▶ [WORK TASK]
Leave every picture out, and retype all the remaining records exactly.

Records from a collection:
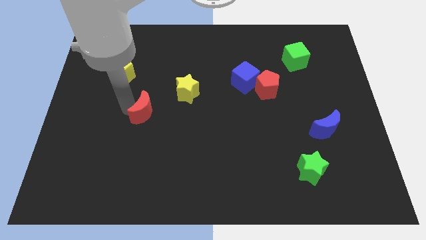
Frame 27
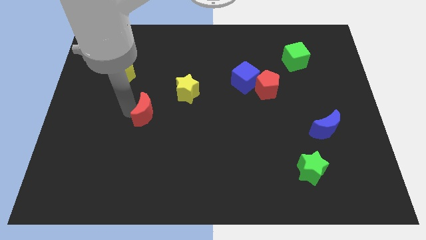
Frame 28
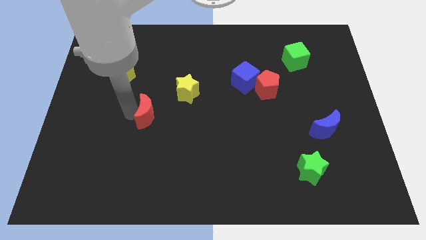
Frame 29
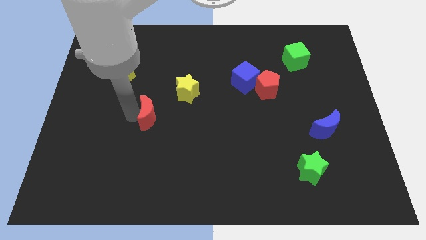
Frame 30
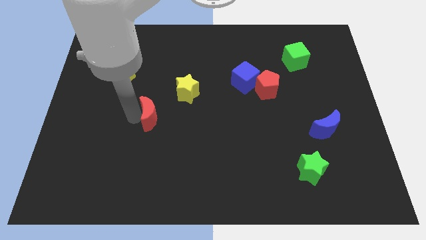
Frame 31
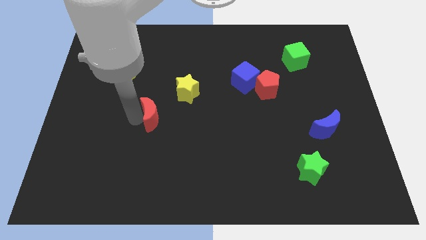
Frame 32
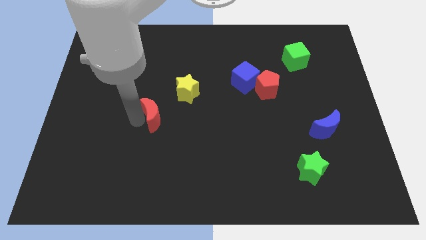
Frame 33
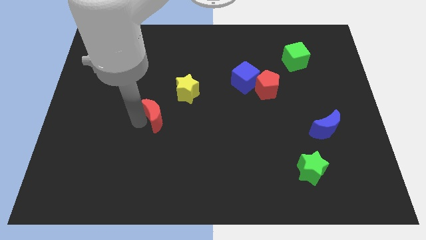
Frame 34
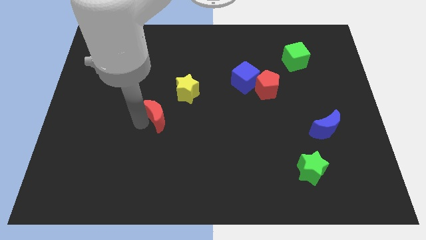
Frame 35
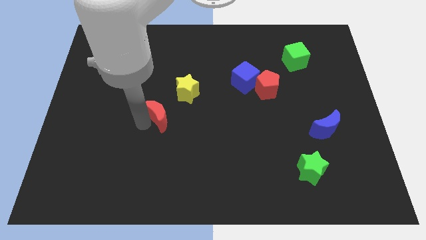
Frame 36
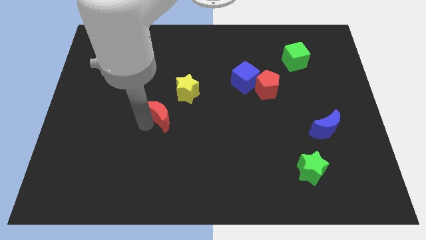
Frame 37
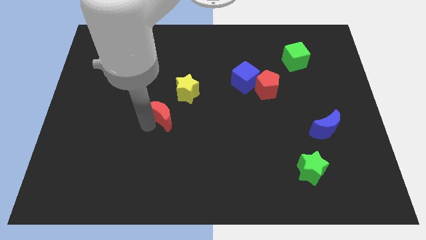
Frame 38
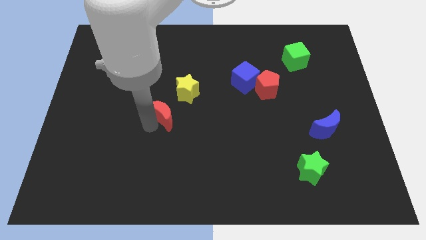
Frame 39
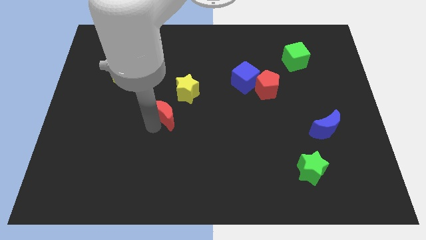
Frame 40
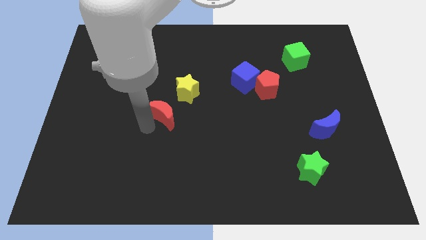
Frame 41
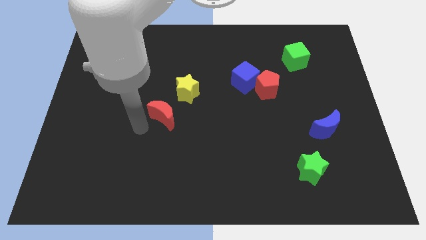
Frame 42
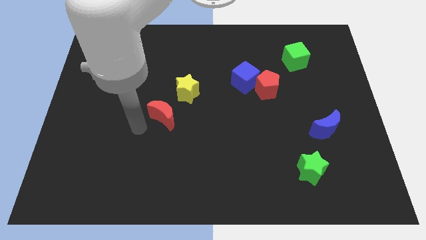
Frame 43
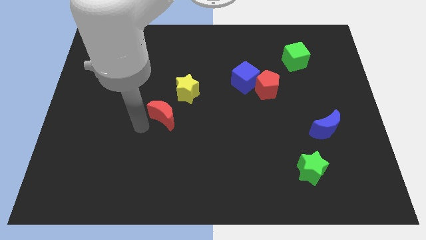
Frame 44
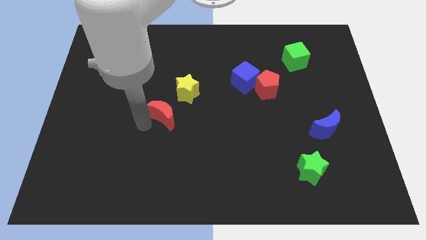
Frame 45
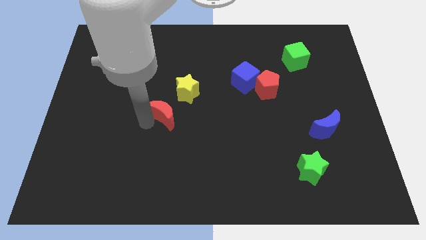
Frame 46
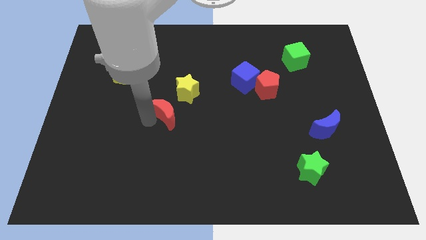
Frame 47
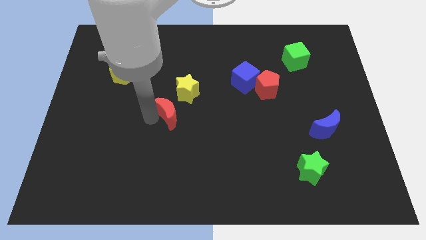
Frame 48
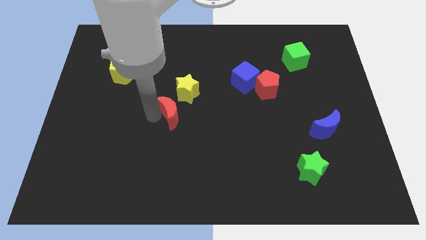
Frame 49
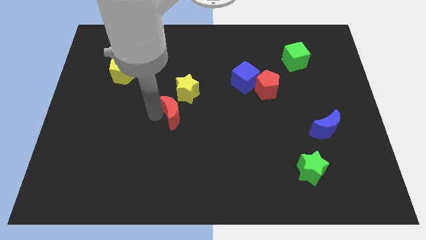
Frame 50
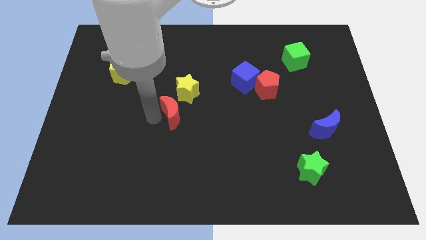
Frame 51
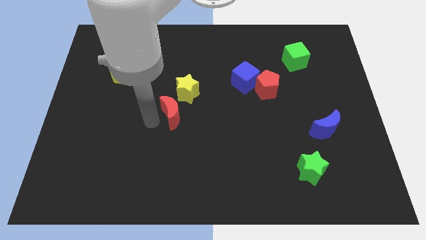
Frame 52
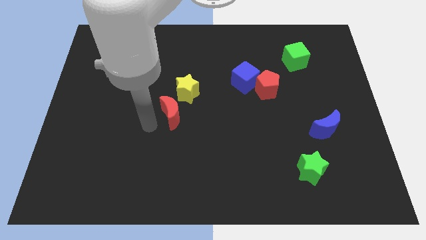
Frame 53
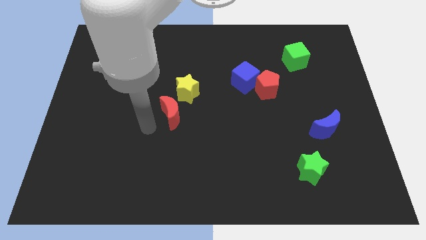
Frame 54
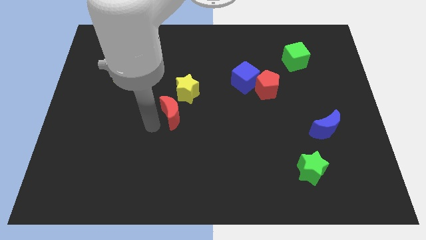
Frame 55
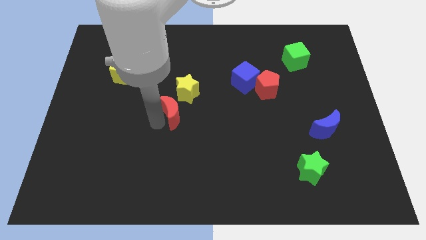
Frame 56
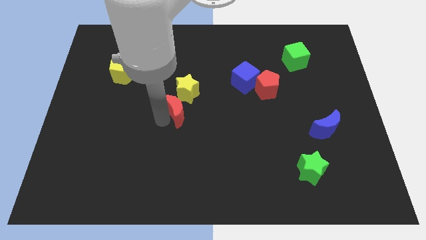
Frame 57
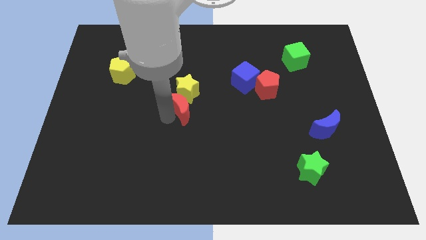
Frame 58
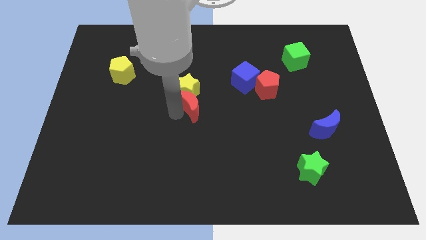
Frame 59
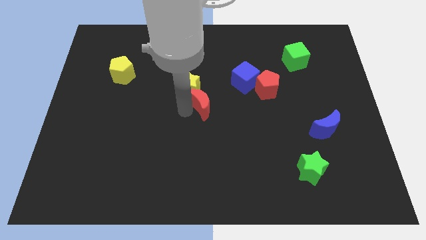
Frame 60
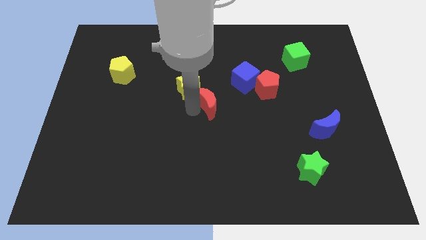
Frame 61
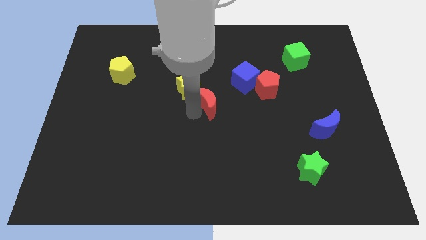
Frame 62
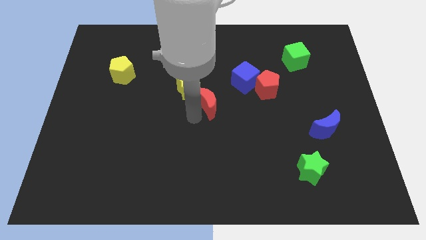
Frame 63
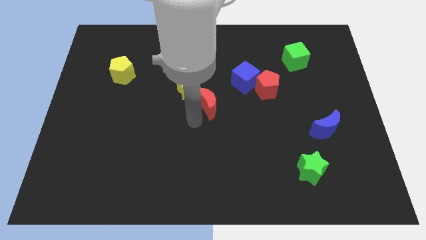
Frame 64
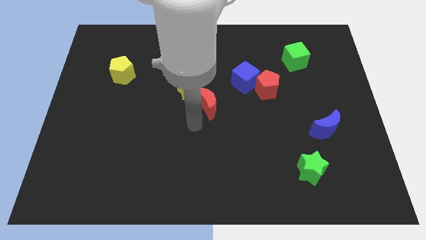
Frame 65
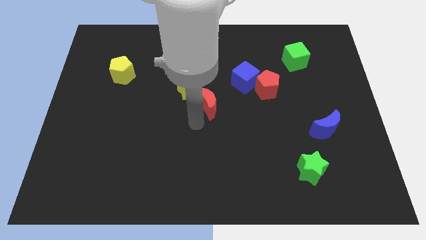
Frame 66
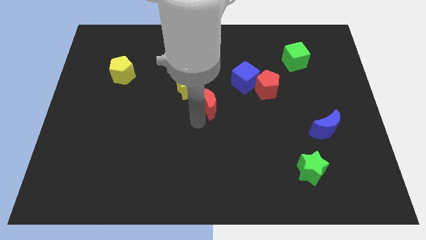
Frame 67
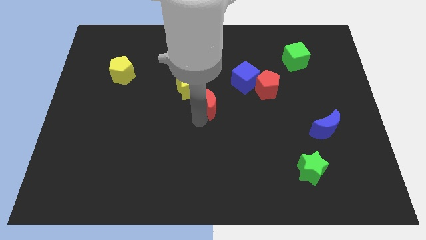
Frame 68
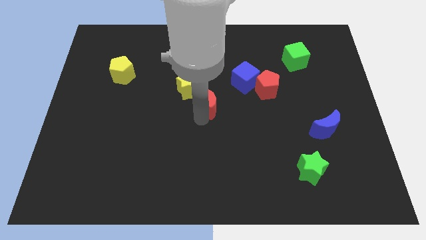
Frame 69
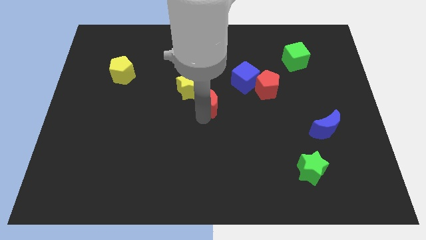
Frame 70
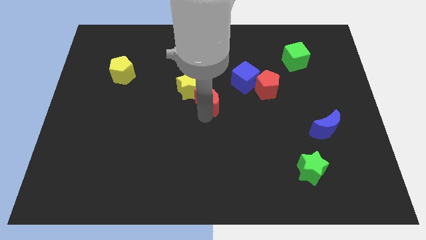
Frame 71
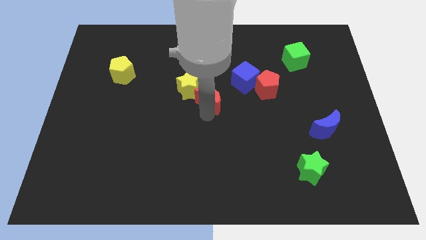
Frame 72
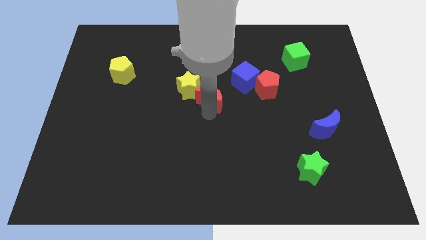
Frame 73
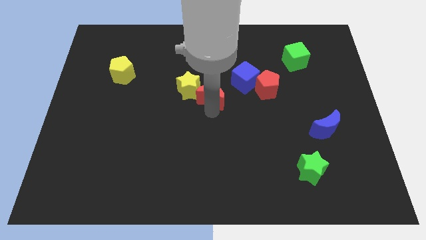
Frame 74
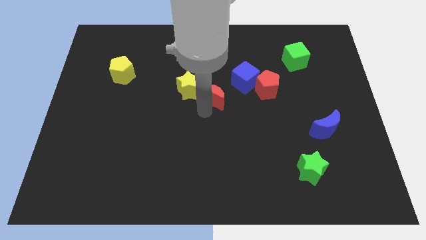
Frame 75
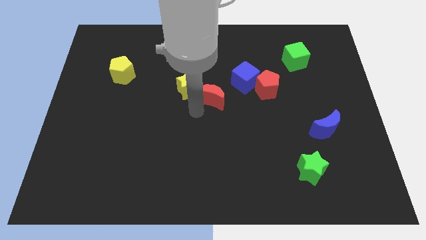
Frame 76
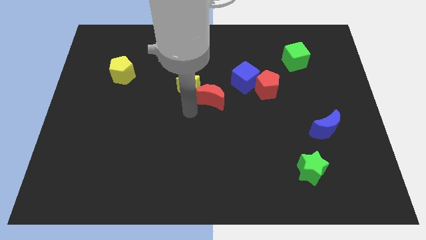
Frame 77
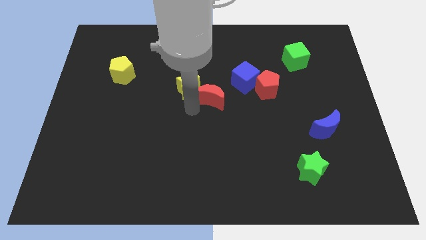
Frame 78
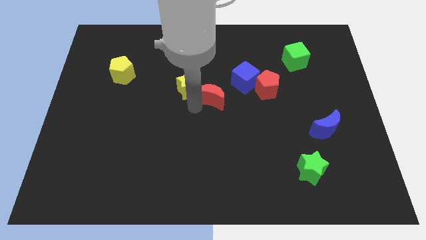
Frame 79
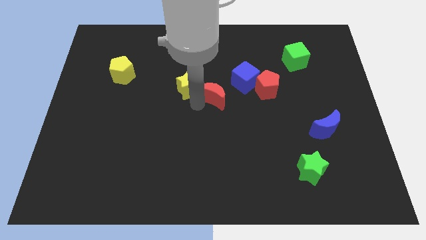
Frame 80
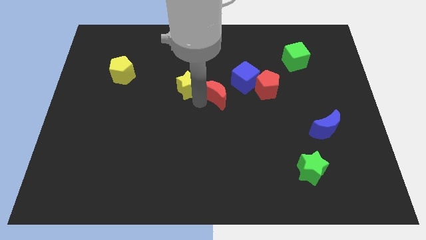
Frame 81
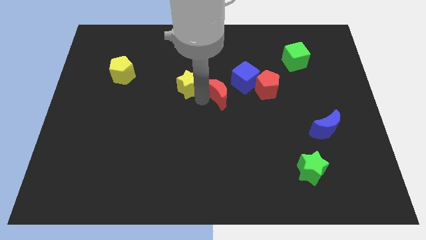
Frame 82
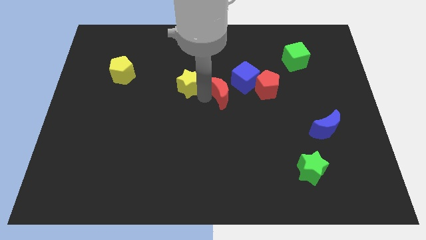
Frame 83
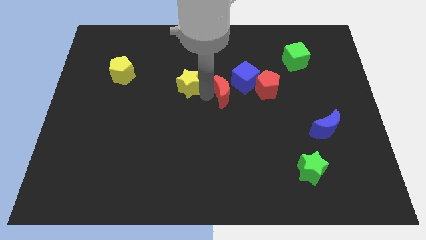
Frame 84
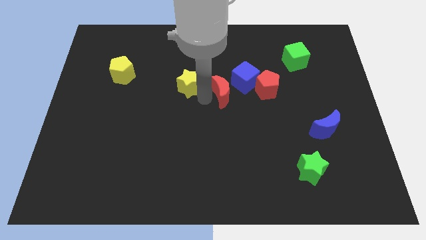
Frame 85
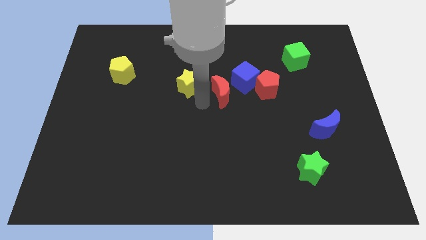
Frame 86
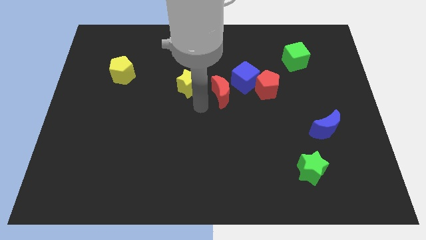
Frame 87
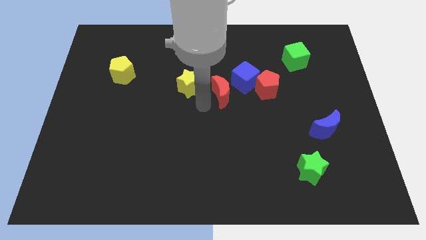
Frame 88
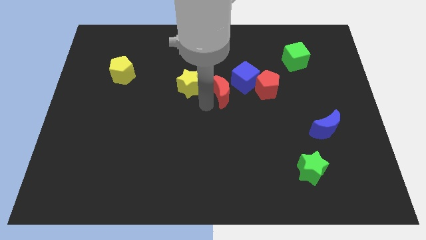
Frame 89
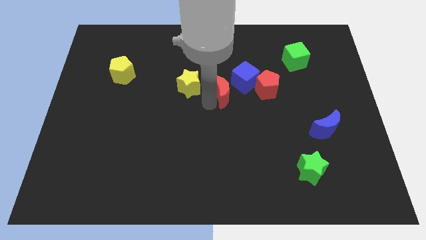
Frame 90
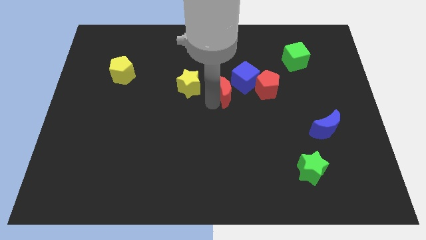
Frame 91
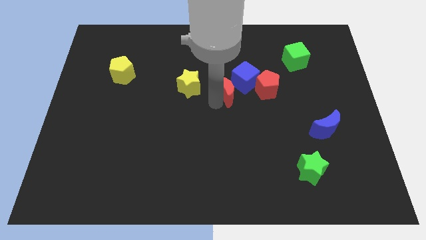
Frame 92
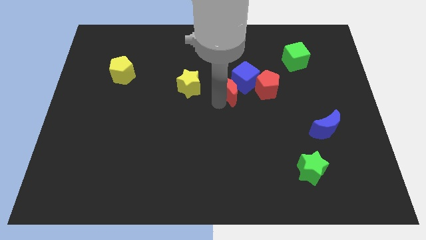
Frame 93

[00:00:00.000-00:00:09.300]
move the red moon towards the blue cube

▶ [SOLUTION FOR THIS PROBLEM]
Frame 27
Frame 28
Frame 29
Frame 30
Frame 31
Frame 32
Frame 33
Frame 34
Frame 35
Frame 36
Frame 37
Frame 38
Frame 39
Frame 40
Frame 41
Frame 42
Frame 43
Frame 44
Frame 45
Frame 46
Frame 47
Frame 48
Frame 49
Frame 50
Frame 51
Frame 52
Frame 53
Frame 54
Frame 55
Frame 56
Frame 57
Frame 58
Frame 59
Frame 60
Frame 61
Frame 62
Frame 63
Frame 64
Frame 65
Frame 66
Frame 67
Frame 68
Frame 69
Frame 70
Frame 71
Frame 72
Frame 73
Frame 74
Frame 75
Frame 76
Frame 77
Frame 78
Frame 79
Frame 80
Frame 81
Frame 82
Frame 83
Frame 84
Frame 85
Frame 86
Frame 87
Frame 88
Frame 89
Frame 90
Frame 91
Frame 92
Frame 93

[00:00:00.000-00:00:09.300]
move the red moon towards the blue cube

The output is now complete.